Corneal Granular Dystrophy typically manifests in early childhood or adolescence and progresses gradually over time. The main symptom of this condition is the appearance of small, white or grayish opacities within the cornea, which may cause discomfort, blurry vision, and an increased sensitivity to light. These deposits, known as granules or hyaline bodies, are made up of an abnormal protein called TGFBIp, which accumulates in the stroma, the middle layer of the cornea.
As the disease progresses, vision impairment may worsen, and in severe cases, the opacities can lead to corneal scarring and vision loss. However, most individuals with Corneal Granular Dystrophy maintain relatively good visual acuity until later stages of the disease.

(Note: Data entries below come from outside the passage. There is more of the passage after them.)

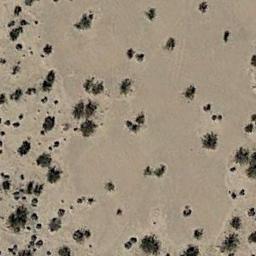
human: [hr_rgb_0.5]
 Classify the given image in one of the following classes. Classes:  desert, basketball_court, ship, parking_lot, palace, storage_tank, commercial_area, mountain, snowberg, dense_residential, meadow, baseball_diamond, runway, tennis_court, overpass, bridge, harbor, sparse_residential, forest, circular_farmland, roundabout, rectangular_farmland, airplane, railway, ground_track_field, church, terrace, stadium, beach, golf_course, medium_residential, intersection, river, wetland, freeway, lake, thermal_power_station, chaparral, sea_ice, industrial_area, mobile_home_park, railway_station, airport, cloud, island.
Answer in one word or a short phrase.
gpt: chaparral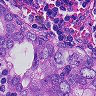
Metastatic tissue present: yes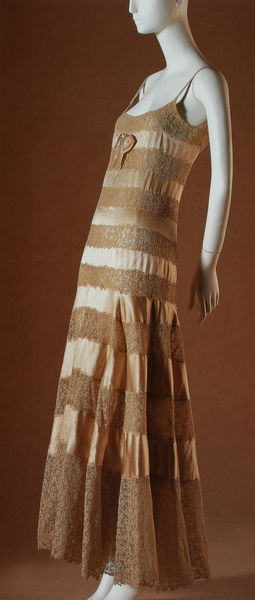
Titel: Abendkleid
Künstler: Gabrielle Chanel
Standort: Kyoto (Japan)
Institution: Kyoto Costume Institute
Schlagwörter: körper, weiß, braun, kleid, mode, arme, kleidung, spitze, füße, gestreift, streifen, abendkleid, satin, foto, puppe, trägerkleid, waagerecht, träger, bodenlang, spaghettiträger, gestreuft, stain

Treatment options for Corneal Granular Dystrophy are limited and mainly aim to manage symptoms. Eye drops and lubricants may be prescribed to alleviate dryness and discomfort. In advanced cases, surgery may be recommended, including corneal transplantation or a procedure called phototherapeutic keratectomy (PTK) that uses a laser to carefully remove the affected corneal tissue.
Regular eye examinations and genetic counseling are essential for individuals diagnosed with Corneal Granular Dystrophy and their family members to ensure early detection, appropriate management, and informed family planning decisions.